Karmen Fouché

Personal information
- Nationality: South African
- Born: 2 January 2003 (age 23)

Sport
- Sport: Athletics
- Event(s): Long jump, Triple jump, Heptathlon

Achievements and titles
- Personal best(s): Long jump: 6.56m (Sasolburg, 2023) Triple jump: 13.14m (Pretoria, 2024)

= Karmen Fouché =

South African athlete (born 2003)

Karmen Fouché (born 2 January 2003) is a South African track and field athlete. In 2024, she became national champion in the triple jump and in 2025 she won the South African Championships title in the heptathlon.

==Early life==
She attended Potchefstroom Gimnasium in North West.

==Career==
She made a personal best long jump of 6.32 meters at the 2021 World Athletics U20 Championships in Nairobi. In April 2022, she won the South African U20 long jump title. She had a top-5 finish at the African Athletics Championships in Mauritius in June 2022. She finished sixth in the long jump at the 2022 World Athletics U20 Championships in Cali, Colombia.
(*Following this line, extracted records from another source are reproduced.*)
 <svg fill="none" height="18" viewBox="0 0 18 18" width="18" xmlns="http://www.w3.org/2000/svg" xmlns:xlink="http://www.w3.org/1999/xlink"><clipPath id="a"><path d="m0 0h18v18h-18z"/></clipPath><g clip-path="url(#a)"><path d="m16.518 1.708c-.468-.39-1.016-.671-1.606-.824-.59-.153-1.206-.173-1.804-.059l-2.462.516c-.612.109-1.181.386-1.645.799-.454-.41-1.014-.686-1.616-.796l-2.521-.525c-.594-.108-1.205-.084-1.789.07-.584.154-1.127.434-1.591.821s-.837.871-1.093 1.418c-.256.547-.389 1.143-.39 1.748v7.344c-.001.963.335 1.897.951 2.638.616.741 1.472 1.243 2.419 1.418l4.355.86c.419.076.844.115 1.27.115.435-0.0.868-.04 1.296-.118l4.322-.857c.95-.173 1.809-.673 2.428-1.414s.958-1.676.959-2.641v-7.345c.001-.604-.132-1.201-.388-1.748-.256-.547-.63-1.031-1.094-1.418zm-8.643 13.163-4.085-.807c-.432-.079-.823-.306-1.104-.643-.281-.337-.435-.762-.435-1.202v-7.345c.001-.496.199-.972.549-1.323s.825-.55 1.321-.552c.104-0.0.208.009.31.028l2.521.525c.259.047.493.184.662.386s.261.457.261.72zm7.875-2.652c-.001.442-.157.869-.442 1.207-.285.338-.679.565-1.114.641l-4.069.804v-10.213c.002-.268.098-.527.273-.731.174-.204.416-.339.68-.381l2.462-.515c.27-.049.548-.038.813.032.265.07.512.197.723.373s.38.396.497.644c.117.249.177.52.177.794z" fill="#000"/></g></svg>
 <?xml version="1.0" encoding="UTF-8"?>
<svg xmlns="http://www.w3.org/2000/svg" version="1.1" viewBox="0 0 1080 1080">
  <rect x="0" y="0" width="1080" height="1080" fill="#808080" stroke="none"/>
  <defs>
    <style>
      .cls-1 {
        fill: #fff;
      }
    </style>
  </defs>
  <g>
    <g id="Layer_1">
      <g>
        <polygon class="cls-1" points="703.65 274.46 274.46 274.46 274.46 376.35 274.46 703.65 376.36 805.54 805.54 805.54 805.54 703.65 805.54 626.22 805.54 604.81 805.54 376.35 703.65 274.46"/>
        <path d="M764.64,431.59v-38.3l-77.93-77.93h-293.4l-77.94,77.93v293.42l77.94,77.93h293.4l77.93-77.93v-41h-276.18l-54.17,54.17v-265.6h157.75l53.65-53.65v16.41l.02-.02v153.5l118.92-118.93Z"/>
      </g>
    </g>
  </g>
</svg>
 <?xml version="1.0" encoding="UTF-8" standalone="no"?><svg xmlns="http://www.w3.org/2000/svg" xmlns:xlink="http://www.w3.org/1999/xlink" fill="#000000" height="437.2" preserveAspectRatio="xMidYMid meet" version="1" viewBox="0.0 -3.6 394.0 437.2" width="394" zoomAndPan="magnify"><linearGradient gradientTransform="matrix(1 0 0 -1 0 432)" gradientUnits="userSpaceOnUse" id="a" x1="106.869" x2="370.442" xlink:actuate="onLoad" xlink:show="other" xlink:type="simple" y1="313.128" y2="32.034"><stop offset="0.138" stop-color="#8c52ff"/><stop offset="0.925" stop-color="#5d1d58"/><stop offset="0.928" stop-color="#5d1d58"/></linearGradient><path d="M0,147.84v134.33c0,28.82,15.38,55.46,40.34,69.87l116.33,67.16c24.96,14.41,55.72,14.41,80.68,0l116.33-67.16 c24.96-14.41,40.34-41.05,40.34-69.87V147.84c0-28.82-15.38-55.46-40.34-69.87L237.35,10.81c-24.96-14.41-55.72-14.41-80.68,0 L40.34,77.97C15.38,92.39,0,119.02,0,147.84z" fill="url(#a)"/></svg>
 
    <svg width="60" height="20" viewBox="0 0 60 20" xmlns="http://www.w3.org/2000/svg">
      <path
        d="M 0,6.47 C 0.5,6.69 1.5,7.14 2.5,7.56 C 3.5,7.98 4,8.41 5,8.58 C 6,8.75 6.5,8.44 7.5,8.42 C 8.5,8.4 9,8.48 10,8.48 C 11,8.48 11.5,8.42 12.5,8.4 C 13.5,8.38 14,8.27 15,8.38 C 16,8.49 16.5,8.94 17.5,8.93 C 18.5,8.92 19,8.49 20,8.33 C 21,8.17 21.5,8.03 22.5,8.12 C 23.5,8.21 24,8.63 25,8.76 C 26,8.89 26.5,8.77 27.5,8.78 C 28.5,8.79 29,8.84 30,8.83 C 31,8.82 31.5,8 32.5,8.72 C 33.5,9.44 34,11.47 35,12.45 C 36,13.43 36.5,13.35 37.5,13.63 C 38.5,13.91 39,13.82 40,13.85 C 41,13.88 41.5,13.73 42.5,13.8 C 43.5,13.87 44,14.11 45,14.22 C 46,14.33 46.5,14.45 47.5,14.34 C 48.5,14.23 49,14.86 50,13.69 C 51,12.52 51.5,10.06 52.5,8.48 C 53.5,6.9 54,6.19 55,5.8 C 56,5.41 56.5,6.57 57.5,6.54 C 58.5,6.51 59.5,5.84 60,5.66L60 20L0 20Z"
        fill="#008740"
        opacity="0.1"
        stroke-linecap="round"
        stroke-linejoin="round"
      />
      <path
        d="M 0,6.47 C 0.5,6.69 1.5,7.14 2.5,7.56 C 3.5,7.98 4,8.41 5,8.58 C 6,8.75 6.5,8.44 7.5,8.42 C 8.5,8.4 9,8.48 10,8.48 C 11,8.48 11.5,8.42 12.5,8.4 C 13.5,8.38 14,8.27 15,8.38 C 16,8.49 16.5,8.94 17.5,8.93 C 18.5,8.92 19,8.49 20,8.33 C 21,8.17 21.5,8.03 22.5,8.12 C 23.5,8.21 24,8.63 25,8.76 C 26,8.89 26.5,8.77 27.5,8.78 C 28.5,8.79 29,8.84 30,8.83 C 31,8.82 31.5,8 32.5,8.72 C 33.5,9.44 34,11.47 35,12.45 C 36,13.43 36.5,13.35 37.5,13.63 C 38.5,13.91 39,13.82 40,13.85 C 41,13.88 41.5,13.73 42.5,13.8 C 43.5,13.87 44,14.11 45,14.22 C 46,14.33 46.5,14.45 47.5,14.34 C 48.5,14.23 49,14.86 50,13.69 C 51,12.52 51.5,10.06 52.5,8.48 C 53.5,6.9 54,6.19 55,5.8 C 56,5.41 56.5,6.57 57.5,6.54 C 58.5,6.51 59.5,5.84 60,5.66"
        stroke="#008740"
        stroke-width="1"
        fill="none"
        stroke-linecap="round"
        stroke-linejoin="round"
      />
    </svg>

In March 2023, she was named jumps athlete of the year by Modern Athlete. That month, Fouché took silver in the women's long jump at the senior South African Athletics Championships.

In March 2024, she finished runner up in the long jump at the South African U23 Track and Field Championships, at the Pilditch Stadium in Pretoria behind Danielle Nolte. In April 2024, she became the national champion in the triple jump at the South African Athletics Championships in Pietermaritzburg.

On 12 April 2025, she jumped 6.51 meters to finish second in the long jump behind World Indoor Champion Claire Bryant, on the World Athletics Continental Tour in Gaborone, Botswana. Later that month, she won the South African Championships heptathlon title in Potchefstroom.